Gingrich faces recent setback

Katharine Q. Seelye

Published: Saturday, Jan. 28 2012 2:40 p.m. MST

Republican presidential candidate former House Speaker Newt Gingrich speaks at the Republican presidential candidates debate at the University of South Florida in Jacksonville, Fla., Thursday, Jan. 26, 2012.

Matt Rourke, Associated Press

Enlarge photo»

Attn.: Fla. () —

Ashley Parker contributed reporting from Pensacola, Fla.

c.2012 New York Times News Service<

PORT ST. LUCIE, Fla. — Despite facing recent setbacks, Newt Gingrich pledged on Saturday to stay in the nominating fight until the end, vowing to a group in central Florida, "We're going to the convention."

Gingrich made the remarks in Brooksville as he has faced a torrent of criticism from establishment Republicans and a recent decline in the polls, and as he comes off two debates in which his main opponent, Mitt Romney, has been more agile and aggressive.

Gingrich predicted a "wild and woolly" campaign ahead as he barreled through a series of speeches and town-hall-style meetings on Florida's affluent "Treasure Coast" before the state's primary on Tuesday.

At the same time, his campaign was eagerly watching as a backlash started to develop against the attacks focused on him orchestrated by elements of the Republican establishment that have rallied around Mitt Romney for the Republican presidential nomination.

The Romney team and its supporters have portrayed Gingrich as erratic, unhinged and too temperamental to be president. They also say that Gingrich has no chance of beating President Barack Obama in November.

These attacks have prompted Sarah Palin, among others, to rush to Gingrich's defense.

The establishment is "trying to crucify this man and rewrite history," Palin told Fox News, referring to the Romney camp's attempts to cast Gingrich as someone who was not as close to President Ronald Reagan as he has claimed.

Palin also excoriated conservative writers who have denigrated Gingrich, including George Will and Peggy Noonan, who called Gingrich an "angry little attack muffin."

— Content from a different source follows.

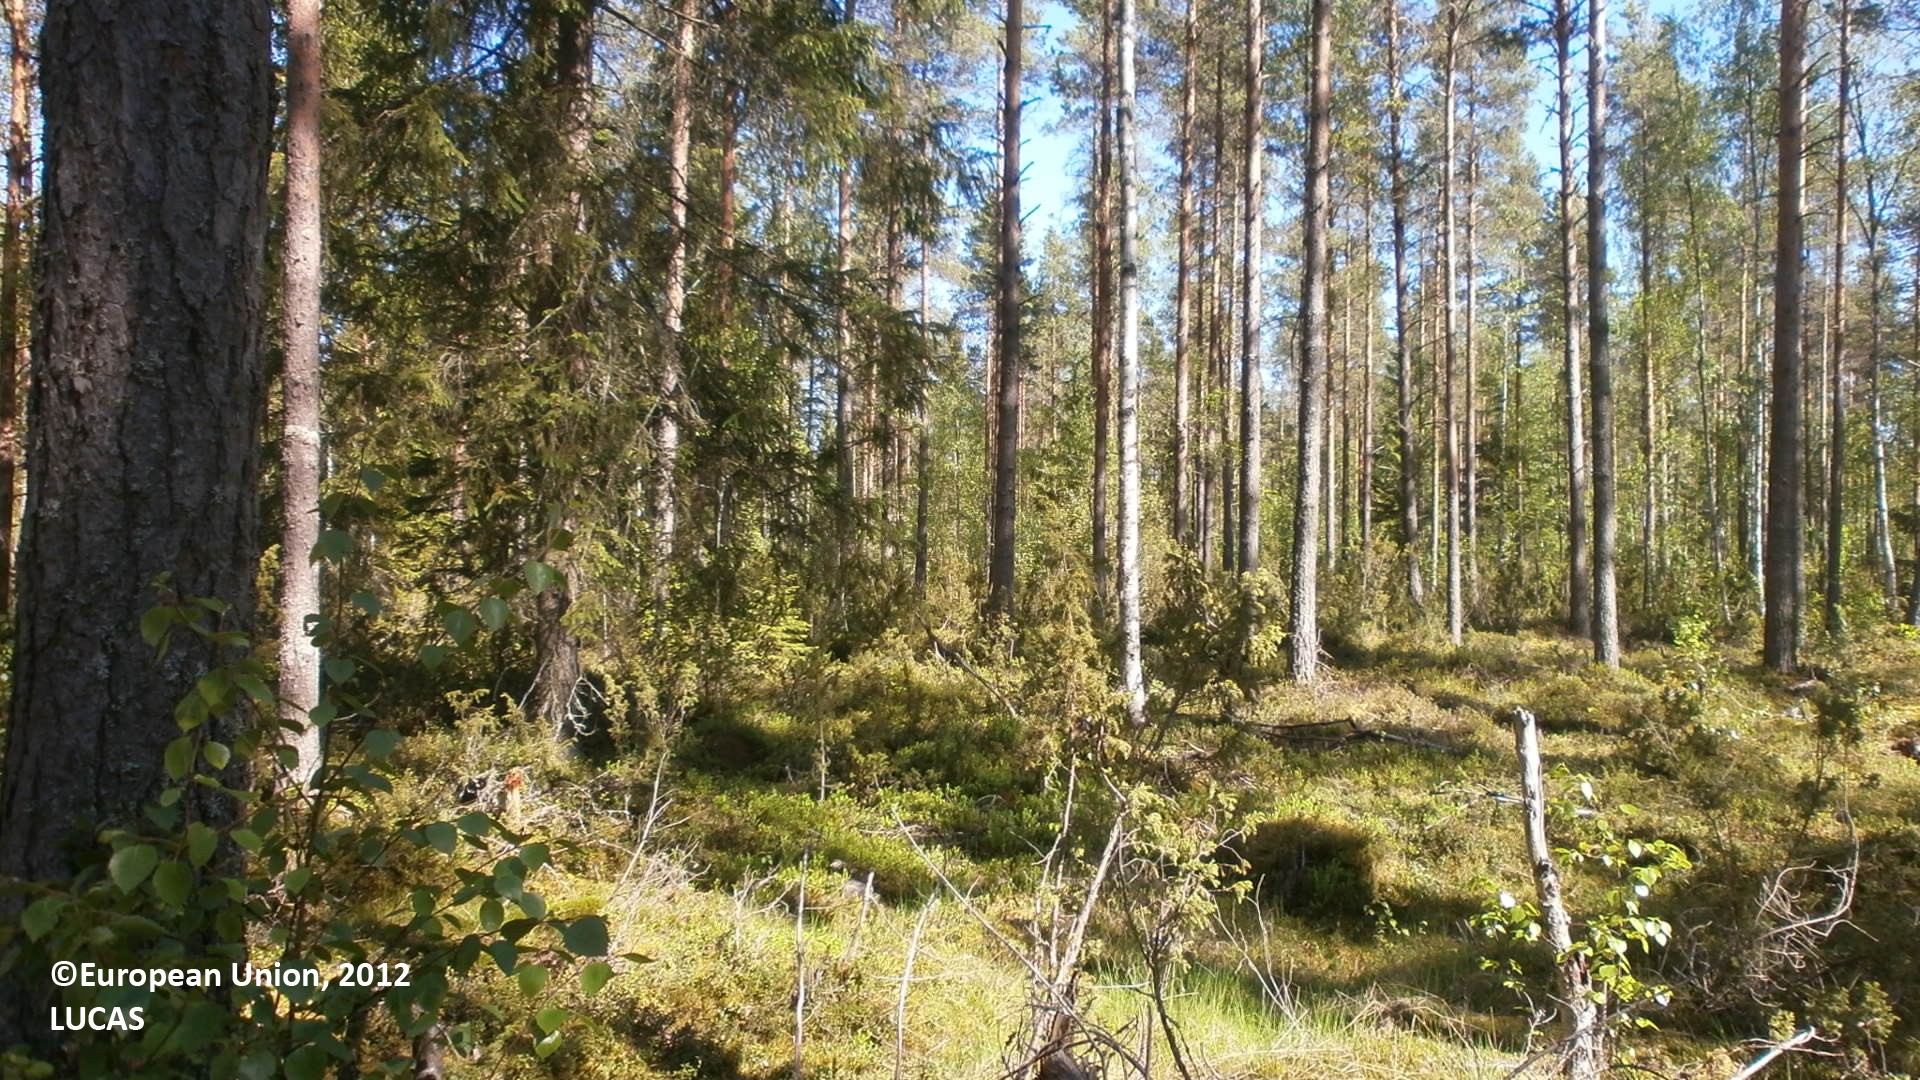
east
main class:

Palin's comments followed those of the conservative radio host Rush Limbaugh, who assailed the Romney team on Thursday for organizing a "coordinated attack" against Gingrich. Referring to the attempt to decouple Gingrich from Reagan, Limbaugh said: "That kind of stuff is why people hate Romney so much."

Trailing Romney in some polls in Florida, Gingrich is broadcasting a pair of tough advertisements here against him while also preparing for a long campaign that he hopes will be reinvigorated when the race reopens in Nevada, which holds its caucuses on Saturday.

"I fully expect the next couple of weeks to get wild and woolly," Gingrich said Friday night, according to The Palm Beach Daily News. He spoke at a private fundraiser at the home of Gay Gaines, a longtime friend and former chairman of GOPAC, a fundraising organization that recruited and trained local Republican candidates for higher office.

At a rally on a golf course here under a brilliant warm sun on Saturday, Gingrich said he was "very proud to run on a Reagan-Gingrich record," drawing enthusiastic applause from a crowd of about 150 people standing around in shorts and flip-flops.

Gingrich has not projected the kind of confidence he did before the South Carolina primary last week, when he swept to an unexpected victory.

He said Saturday that he would "do well" in Florida, and without predicting that he would win here, he told the crowd: "If we win Florida, I will be the nominee."

At a rally for Romney on Saturday in Pensacola, the crowd that greeted him, stretching from dock to dock and leaning over the balconies at the Fish House, was treated to several cameos before an energetic and sunny candidate took the stage.